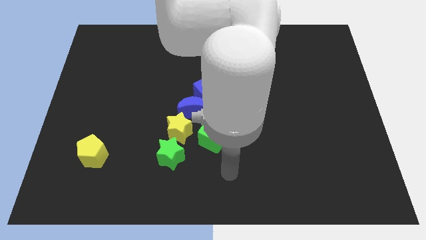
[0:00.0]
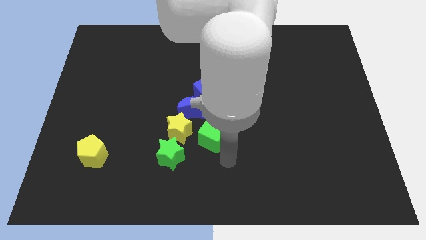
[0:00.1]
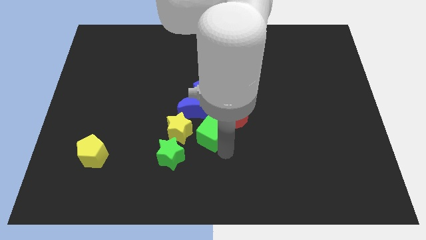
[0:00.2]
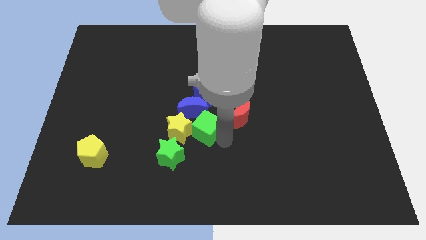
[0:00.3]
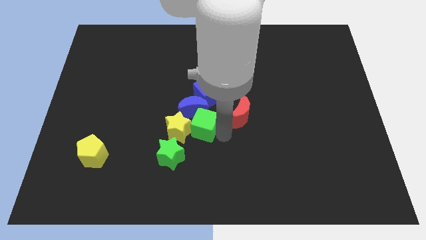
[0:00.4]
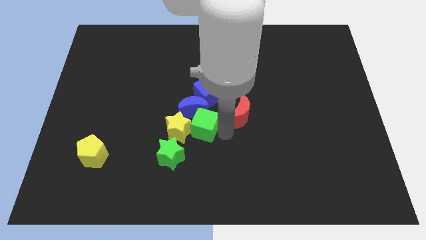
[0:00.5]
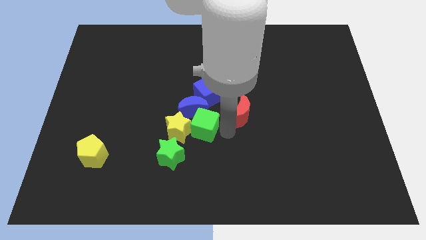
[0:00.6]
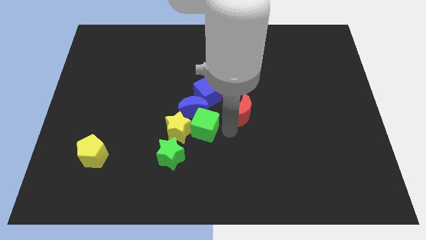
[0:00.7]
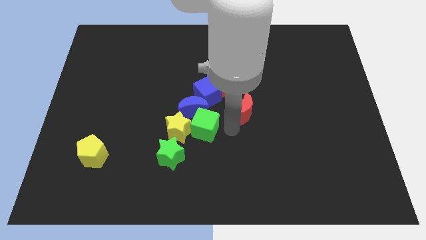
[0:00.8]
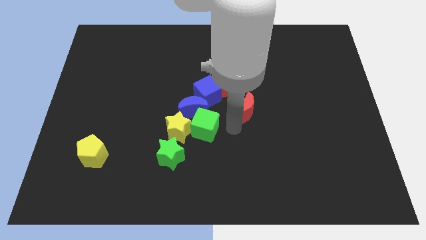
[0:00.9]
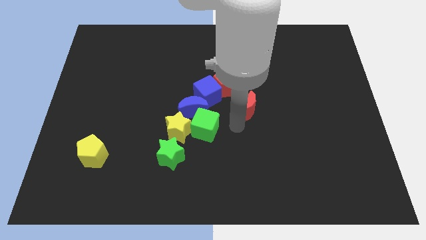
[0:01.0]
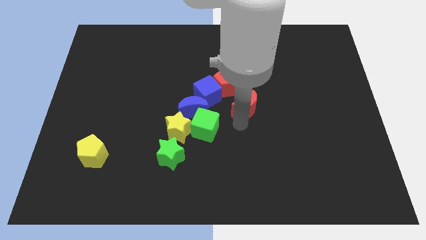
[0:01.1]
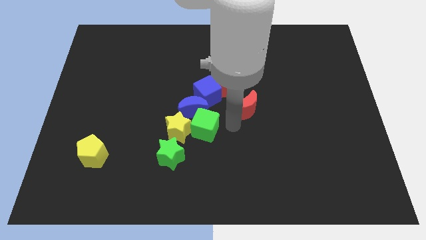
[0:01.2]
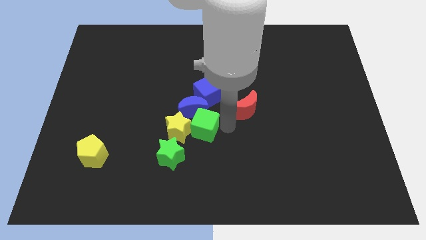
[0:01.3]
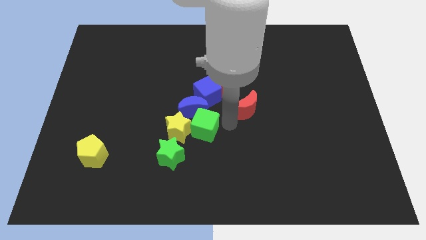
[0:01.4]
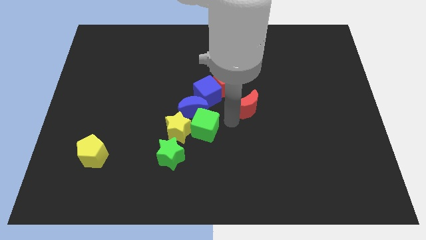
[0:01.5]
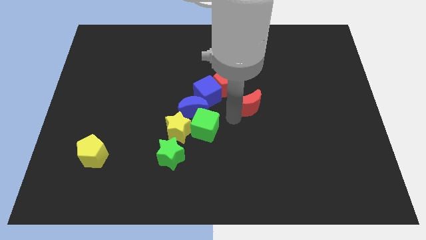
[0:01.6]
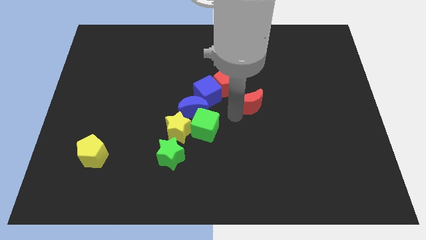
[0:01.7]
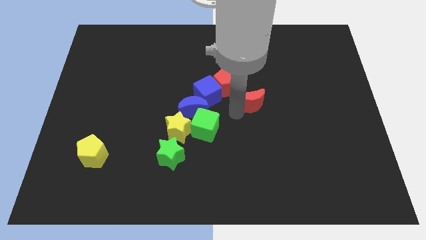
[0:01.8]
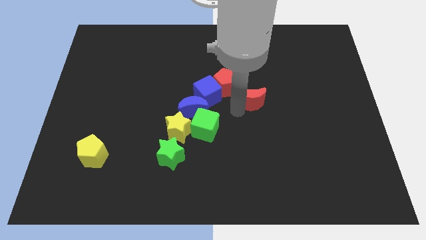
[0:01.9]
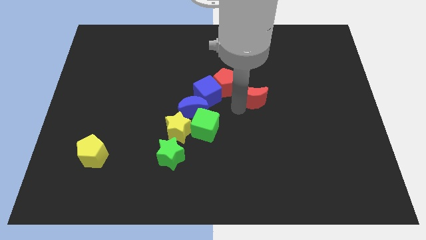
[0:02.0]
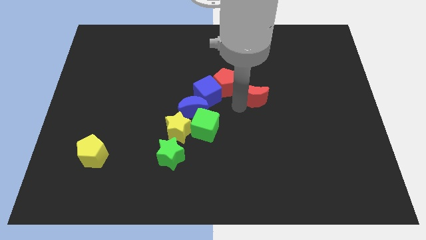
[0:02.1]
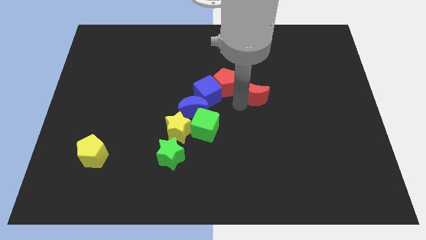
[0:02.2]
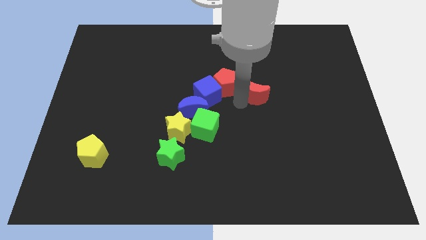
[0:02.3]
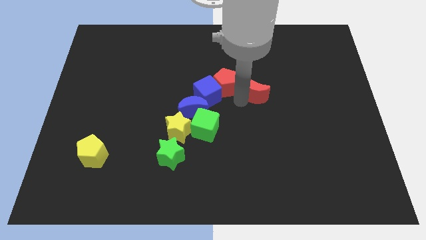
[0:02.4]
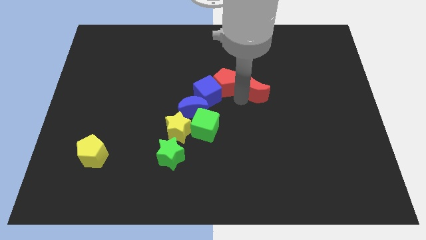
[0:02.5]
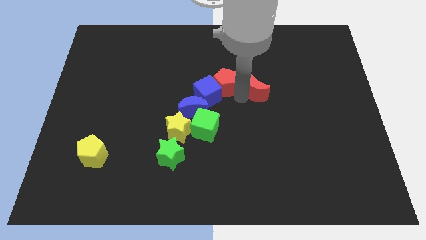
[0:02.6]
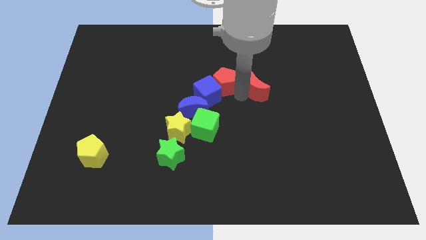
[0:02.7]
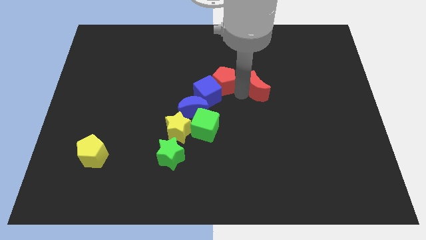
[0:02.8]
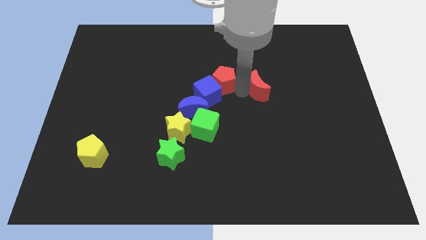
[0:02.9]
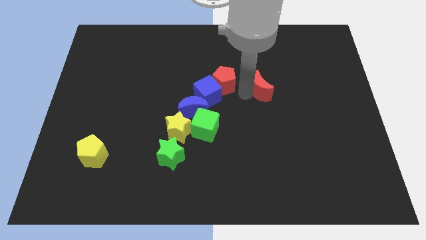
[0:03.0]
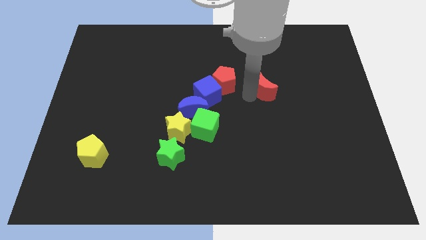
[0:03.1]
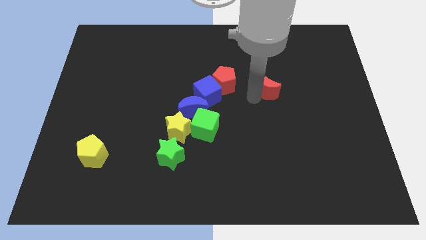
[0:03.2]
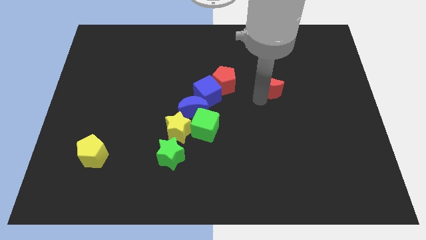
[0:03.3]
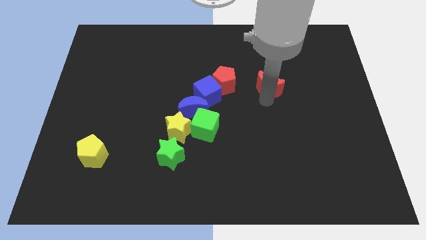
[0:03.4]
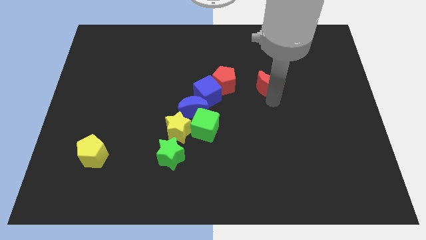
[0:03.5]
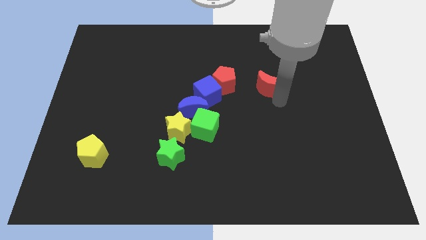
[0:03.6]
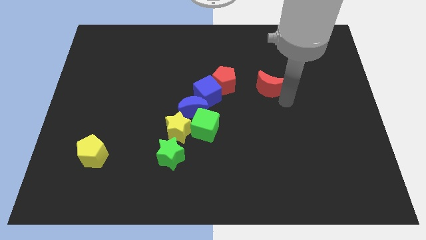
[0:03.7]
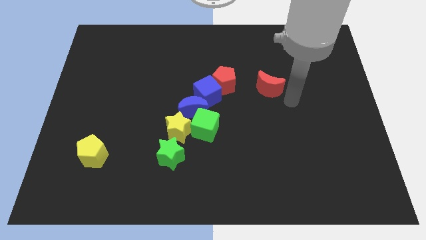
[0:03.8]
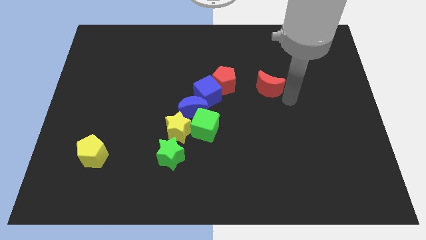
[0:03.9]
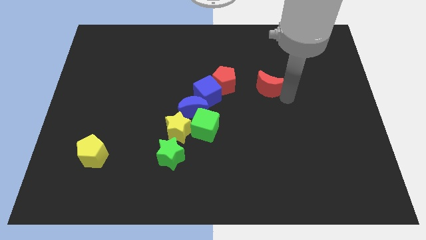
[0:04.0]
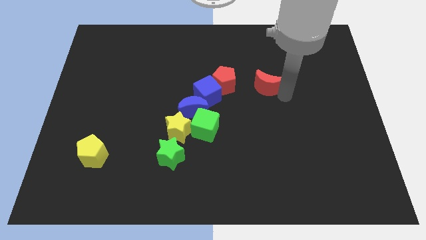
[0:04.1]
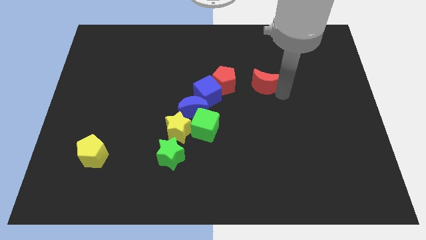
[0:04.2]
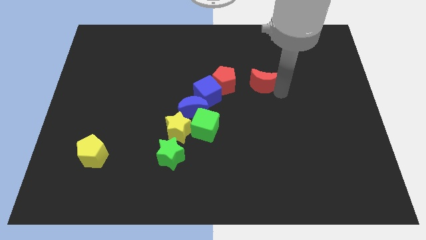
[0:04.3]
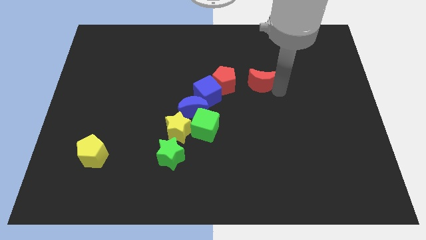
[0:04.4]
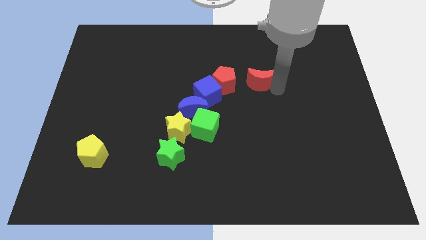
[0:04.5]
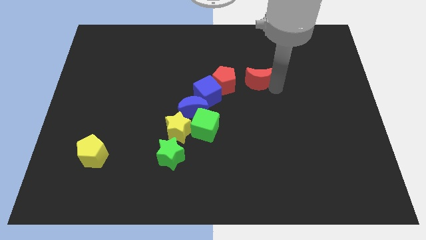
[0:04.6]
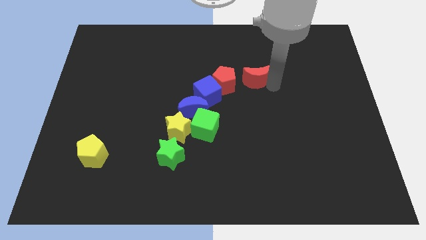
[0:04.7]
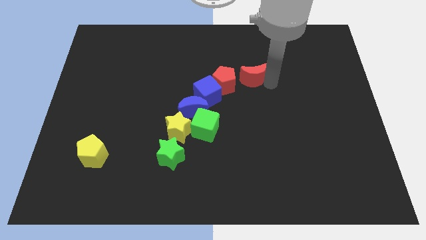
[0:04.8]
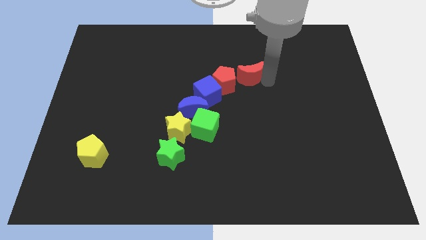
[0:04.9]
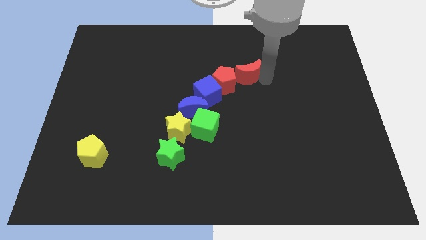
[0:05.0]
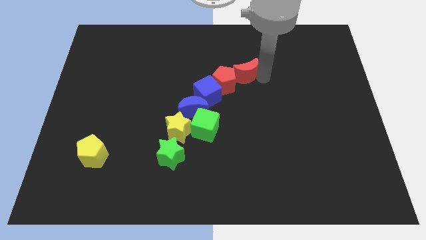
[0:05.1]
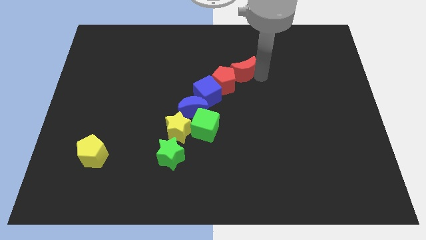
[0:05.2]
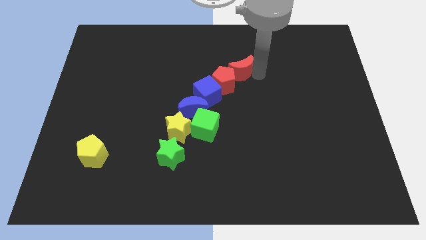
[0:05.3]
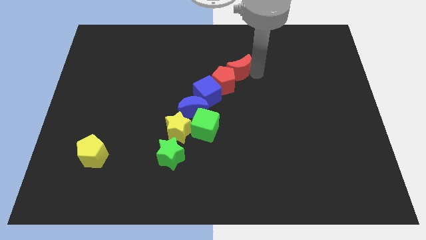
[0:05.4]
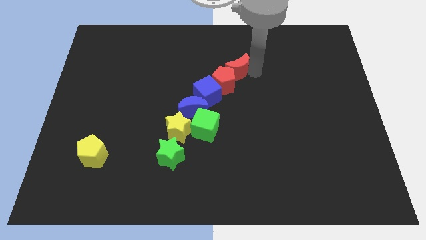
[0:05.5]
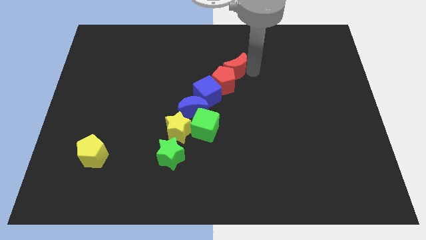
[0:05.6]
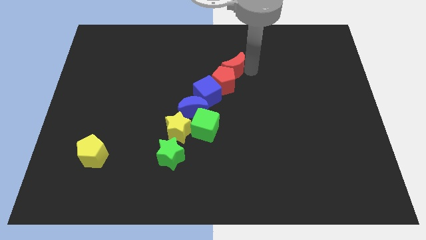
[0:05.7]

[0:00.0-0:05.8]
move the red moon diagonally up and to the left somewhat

☆ ☆ ☆ ☆ ☆ ☆ ☆

— TASK BRIEF —
Please write out all the entries above again exactly as they appear, skipping any images.

— RESPONSE BELOW —
[0:00.0]
[0:00.1]
[0:00.2]
[0:00.3]
[0:00.4]
[0:00.5]
[0:00.6]
[0:00.7]
[0:00.8]
[0:00.9]
[0:01.0]
[0:01.1]
[0:01.2]
[0:01.3]
[0:01.4]
[0:01.5]
[0:01.6]
[0:01.7]
[0:01.8]
[0:01.9]
[0:02.0]
[0:02.1]
[0:02.2]
[0:02.3]
[0:02.4]
[0:02.5]
[0:02.6]
[0:02.7]
[0:02.8]
[0:02.9]
[0:03.0]
[0:03.1]
[0:03.2]
[0:03.3]
[0:03.4]
[0:03.5]
[0:03.6]
[0:03.7]
[0:03.8]
[0:03.9]
[0:04.0]
[0:04.1]
[0:04.2]
[0:04.3]
[0:04.4]
[0:04.5]
[0:04.6]
[0:04.7]
[0:04.8]
[0:04.9]
[0:05.0]
[0:05.1]
[0:05.2]
[0:05.3]
[0:05.4]
[0:05.5]
[0:05.6]
[0:05.7]

[0:00.0-0:05.8]
move the red moon diagonally up and to the left somewhat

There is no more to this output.